Daily Bible Studies & Sermon Notes

Expanding Our Capacity to Serve
Pastor Steve McConnell
Matthew 10:1-15
As we enter a new year many of us have set new and fresh goals for ourselves. Maybe many of us look back on the past year and feel successful, while others of us didn’t quite meet the goals we had expected. Heading into this New Year, I want to challenge you. What are the things that God has put into your heart? What is He asking, or directing you to do? Sometimes these spiritual goals seem to be some of the hardest to attain. We all want to change the world for God, but many times that task seems so big we don’t even know where to start. We ask ourselves, “How will big God use little me to change the world?” Or, we can make excuses saying, “I have no one to minister to or I don’t have the resources needed for ministry.” Many times we don’t need anything. We just need to see the ministry and resources God has already placed before us.

Matthew 10:1-15

At this point in Jesus’ ministry He has been investing in the disciples and training them. He is now sending them out to experience ministry on their own, without His instructing hand guiding their every move. He is urging them to make room for the supernatural gifts. He is telling them where not to go, “Don’t go to the Gentiles or to the Samaritans.” He is also basically telling them to not take anything with them, that they must earn their keep by working. He instructs them to preach. Then, He tells them to not be discouraged by people who do not receive them, but to shake it off and to continue to minister without allowing insecurities, that come from rejection, to form their ministry capacities and abilities.

Where to go
Jesus tells them not to go to the Gentiles or the Samaritans. Then He tells them to go to the lost sheep of Israel. Basically, He instructs them to return to their people, the people and the culture that they had been raised in, and in many cases, maybe even the people they grew up with. This is quite a challenge. For many of us it seems to be easier to minister to people we don’t know, rather than it is to the people we do know. Whether we have been a life-long Christian, or have been saved after experiencing life in the world, it can still be a frightening thing to step out and allow God to use you where you are.

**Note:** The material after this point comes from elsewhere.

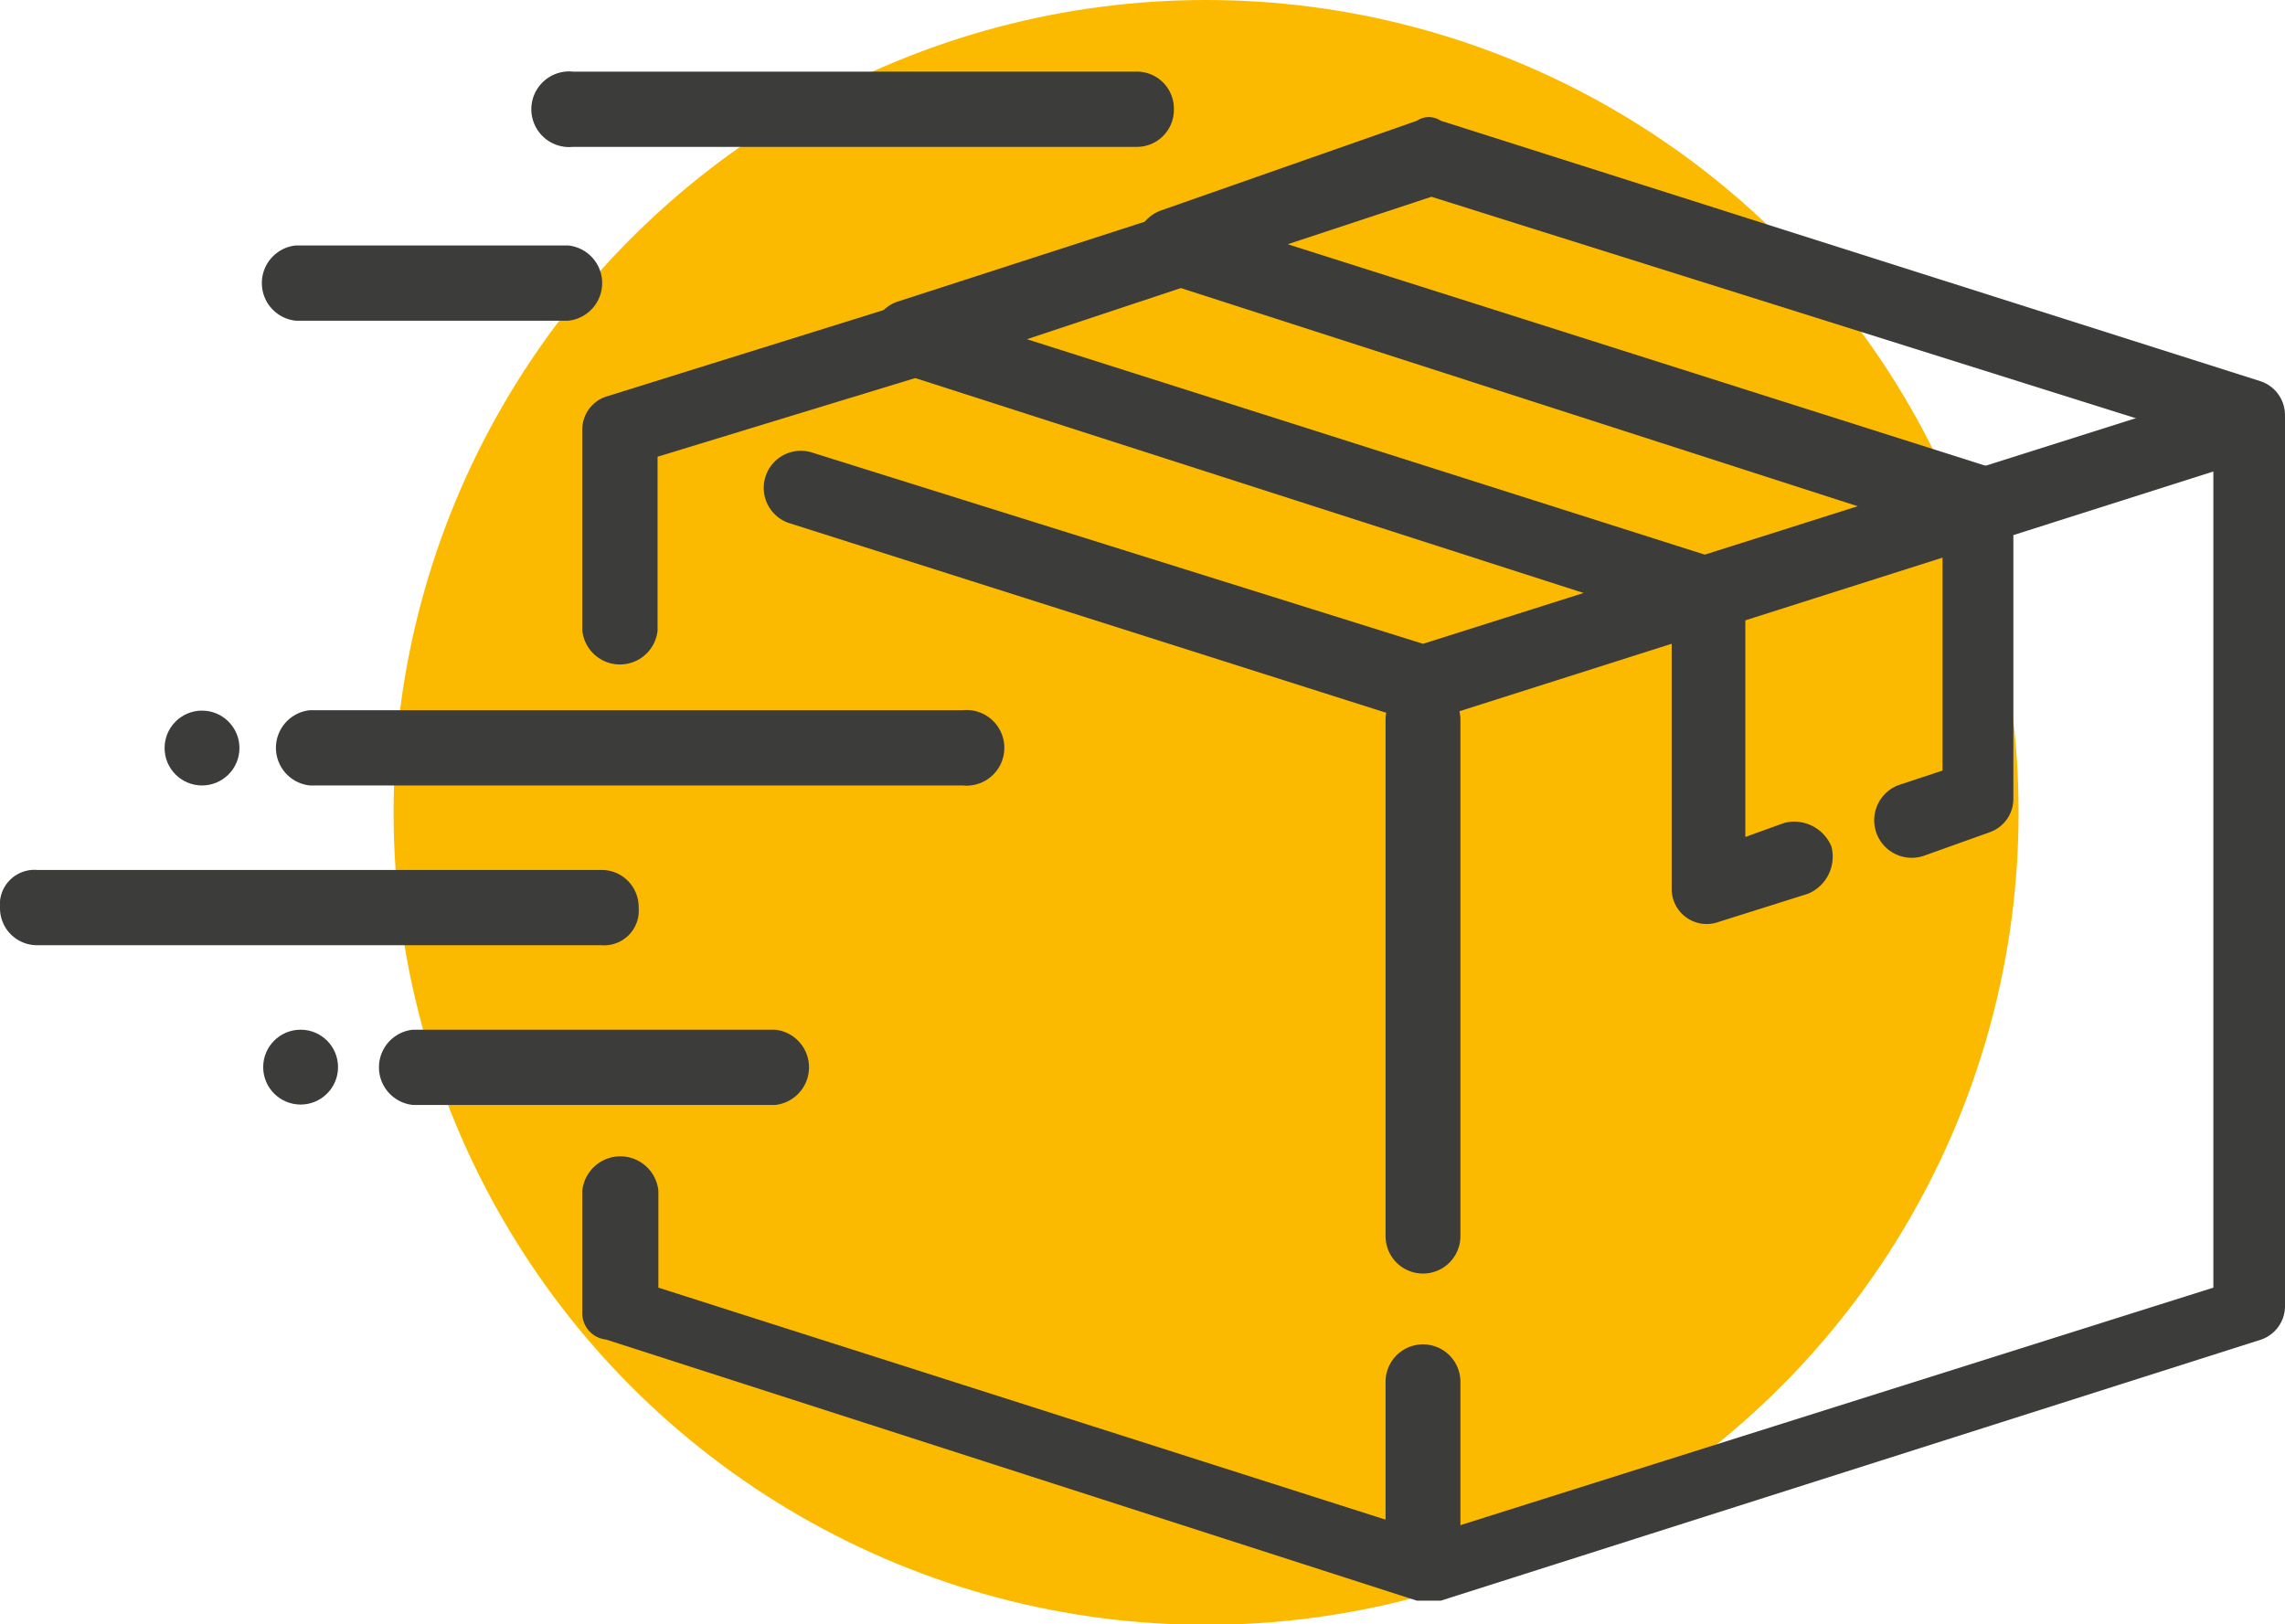<svg xmlns="http://www.w3.org/2000/svg" viewBox="0 0 56.78 40.37"><defs><style>.cls-2{fill:#3c3c3b}</style></defs><g id="Layer_2" data-name="Layer 2"><g id="Layer_1-2" data-name="Layer 1"><circle cx="29.97" cy="20.19" r="20.19" style="fill:#fbba00"></circle><path d="m32 6.07 17.45 5.54a.87.87 0 0 1 .58.82v7.43a.88.88 0 0 1-.58.82l-1.65.59a.93.93 0 1 1-.59-1.77l1.06-.35v-5.89L28.85 7a.94.94 0 0 1 0-1.77L35.21 3a.53.53 0 0 1 .59 0l20.39 6.48a.89.89 0 0 1 .59.83v22.16a.88.88 0 0 1-.59.82L35.8 39.78h-.59l-20.15-6.49a.66.66 0 0 1-.59-.7v-3a.95.95 0 0 1 1.89 0V32l19.21 6.13L55 32V11L35.57 4.89Z" class="cls-2"></path><path d="M55.2 9.72a1 1 0 0 1 1.16.58 1 1 0 0 1-.58 1.17l-20.19 6.42H35L19.61 13a.92.92 0 1 1 .58-1.75L35.36 16Z" class="cls-2"></path><path d="M44.34 20.45a1 1 0 0 1 1.17.59 1 1 0 0 1-.58 1.17l-2.22.7a.87.87 0 0 1-1.17-.82v-6.65L22.29 9.25a.93.93 0 0 1 0-1.75l7.58-2.45a1 1 0 0 1 1.13.58 1 1 0 0 1-.58 1.17l-4.9 1.63 17.27 5.49a.88.88 0 0 1 .58.82v6.06Z" class="cls-2"></path><path d="M16.34 11.35v4.32a.94.94 0 0 1-1.87 0v-5a.86.86 0 0 1 .58-.81l7.12-2.22a1 1 0 0 1 1.17.58 1 1 0 0 1-.58 1.17ZM23.92 17.65a.94.94 0 1 1 0 1.87H7.7a.94.94 0 0 1 0-1.87ZM14.94 21.62a.92.92 0 0 1 .93.94.86.86 0 0 1-.93.93H.93a.92.92 0 0 1-.93-.93.86.86 0 0 1 .93-.94Z" class="cls-2"></path><circle cx="5.02" cy="18.59" r=".93" class="cls-2"></circle><circle cx="7.47" cy="26.52" r=".93" class="cls-2"></circle><path d="M19.26 25.59a.94.94 0 0 1 0 1.87h-9a.94.94 0 0 1 0-1.87ZM28.24 1.78a.92.92 0 0 1 .93.94.92.92 0 0 1-.93.93h-14a.94.94 0 1 1 0-1.87ZM14.12 6.1a.94.94 0 0 1 0 1.87H7.35a.94.94 0 0 1 0-1.87ZM36.29 38.78a.93.93 0 0 1-1.86 0v-4.44a.93.93 0 0 1 1.86 0ZM36.29 30.72a.93.93 0 1 1-1.86 0V17.89a.93.93 0 1 1 1.86 0Z" class="cls-2"></path></g></g></svg>

Let’s face it, many of us don’t want to come off as being weird, so we worry about our pride of well-doing. We can get lost in the image of what people think of us, but this is where I believe the supernatural gifts are most important. Those who know us and are familiar with us are going to be skeptical, but when we begin to operate in the gifts, all the talk becomes real. If you reflect on the Bible, it was through signs and wonders that people were saved or gathered. In fact, if you look at any revival or spiritual awakening there was always some kind of previous supernatural working of the Holy Spirit.

What to bring
Jesus is very clear; He doesn’t want them to take any provisions with them. He is basically saying, “Take yourself and I will provide the rest.” I particularly like when Jesus says, “For the worker is worthy of his support.” This is very interesting to me. For many of us we will never need to leave our workplace, neighborhood, or extended family. God has placed many of you right where you need to be. As a matter of fact, He has provided provision for you to conduct your ministry right where you are.

Who to minister to
Jesus gives us a perfect formula to find the people who will be champions for His cause. We just need to pray and wait to find them. In most cases, they will find you. I have found that I don’t have to do anything spiritual. I just need to be the Spirit-filled man God has made me and it is almost like a magnetic attraction for those who He has already been preparing. However at other times, you may have a distinct direction from God. I know at times God has asked me to do some really unusual things.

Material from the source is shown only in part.